In the near future, Hamilton will be blessed with a light rail transit system, spanning the breadth of the city and allowing individuals to travel from McMaster University to Eastgate Square in just over half an hour. While that’s a great move for the city, it’s still lacking something.

Part of the LRT plan is to build an operations maintenance and storage facility at the McMaster Innovation Park. The OMSF would allow for nightly storage and any necessary servicing to the LRT trains, with tracks built along Longwood Road South for the trains to access Main Street West. If you’ve never heard of MIP, it is a large research facility on Longwood Road South beside the Ontario Highway 403.

MIP was proposed by the university in 2005 with the goal of fostering industry collaboration while progressing research and development. Following McMaster’s purchase of an old Westinghouse factory and warehouse on the site, the province announced a $10 million investment to advance development. As well, the federal government moved the CANMET Materials Technology Laboratory to the site.

The park finally opened in 2009, and currently hosts programs, startups and incubators including The Forge and a United Nations University program.

Many of the researchers at MIP are engaged in engineering research, particularly in the materials and automotive fields, but that is quickly changing. Just this year, a $33 million research facility in collaboration with the Fraunhofer Institute for Cell Therapy and Immunology opened, and the university has plans for more expansions including an 80,000 square foot Emerging Technology Center. There is even a hotel in the works!

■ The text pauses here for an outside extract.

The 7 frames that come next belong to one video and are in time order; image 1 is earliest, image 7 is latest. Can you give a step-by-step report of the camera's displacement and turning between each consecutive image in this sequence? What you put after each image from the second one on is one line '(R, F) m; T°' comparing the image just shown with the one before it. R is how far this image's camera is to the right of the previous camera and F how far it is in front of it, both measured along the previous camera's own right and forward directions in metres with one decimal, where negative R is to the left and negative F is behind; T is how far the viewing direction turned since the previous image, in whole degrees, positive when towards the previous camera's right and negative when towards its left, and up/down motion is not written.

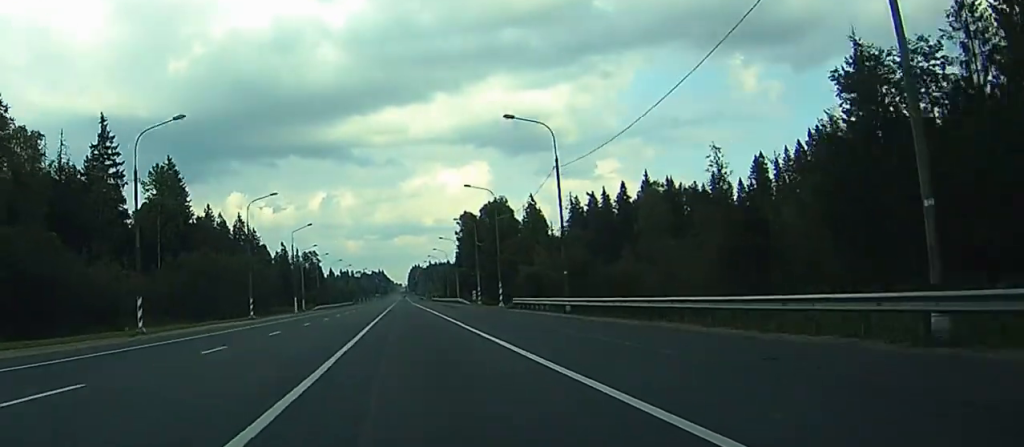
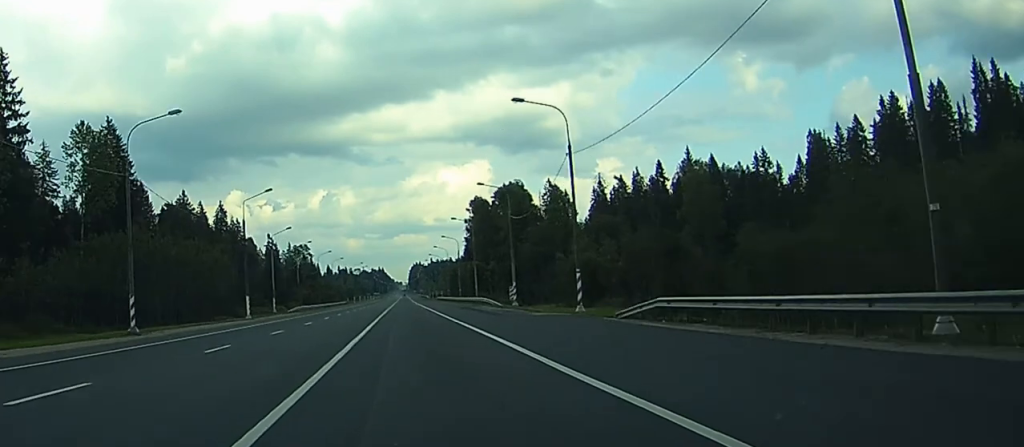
(0.0, +35.3) m; 0°
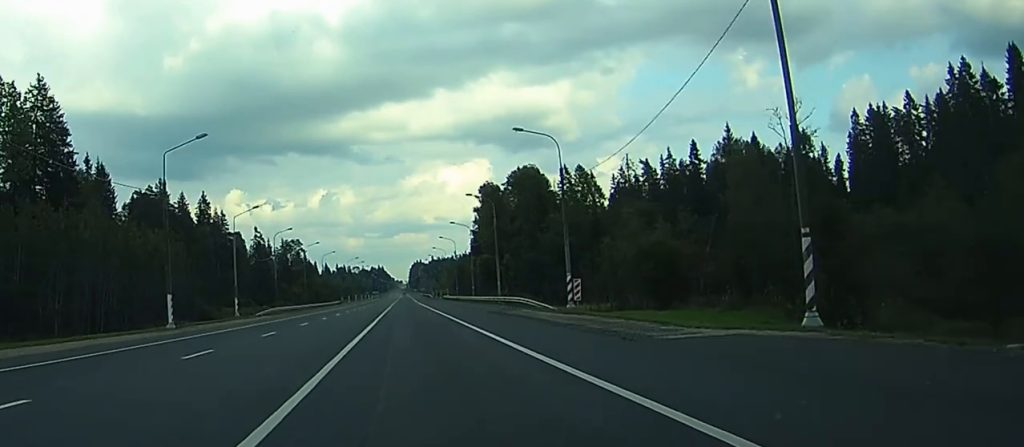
(-0.1, +26.2) m; 0°
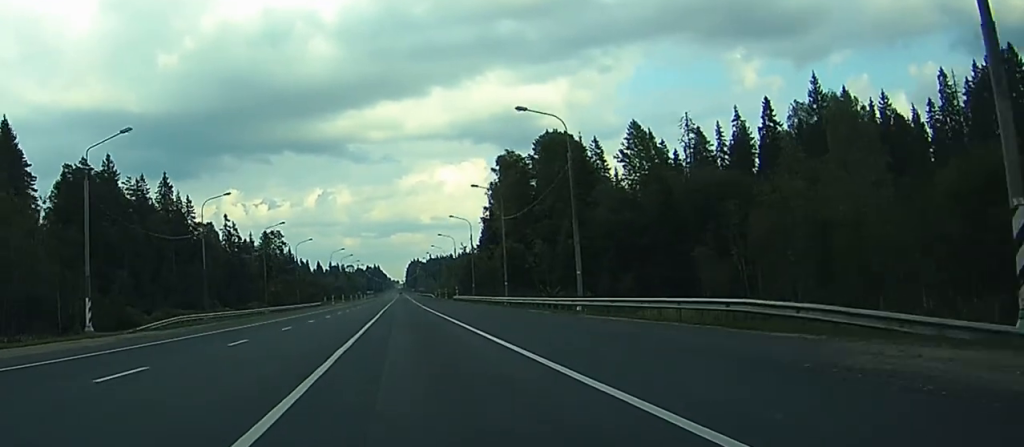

New buildings lead to more opportunities for people to obtain work. At the MIP, the individuals employed there are often associated with McMaster. The number of people traveling between McMaster’s campus and the MIP for meetings, conferences and classes is already listed as a concern in the park’s master plan, and this number is expected to increase with time.

There are currently only three options to make the trip by public transit: walking across a bridge that is completely exposed to the elements; transfer at King Street West and Longwood Road South to the infrequent Hamilton Street Railway 6-Aberdeen; or taking the route-15 Go Bus from the McMaster Go Terminal, which is also infrequent and expensive.

 It is evident that a more convenient transit system is needed to help facilitate the journey between campus and MIP. The city of Hamilton and McMaster have to plan with foresight to ensure that there is capacity in services to meet the demand.

In this particular case, there’s actually an inexpensive and easy answer: use the proposed LRT line on Longwood Road South. Adding occasional service between the MIP on Longwood and the McMaster stop would allow residents of the Greater Toronto and Hamilton Area to commute easily on public transit and would vastly ease the trip for those students, faculty and researchers who need to get between Mac and the MIP, some of whom currently need to do so several times a day.

This would also open up the city to out-of-town guests at the future hotel. It wouldn’t even be an expensive plan to implement since the track will already be installed for OMSF access.

A solution like this, however, would require extensive planning, and that's something that hasn’t happened as of yet. McMaster University and the city of Hamilton need to think towards the future when designing and building, and need to work together to make things happen.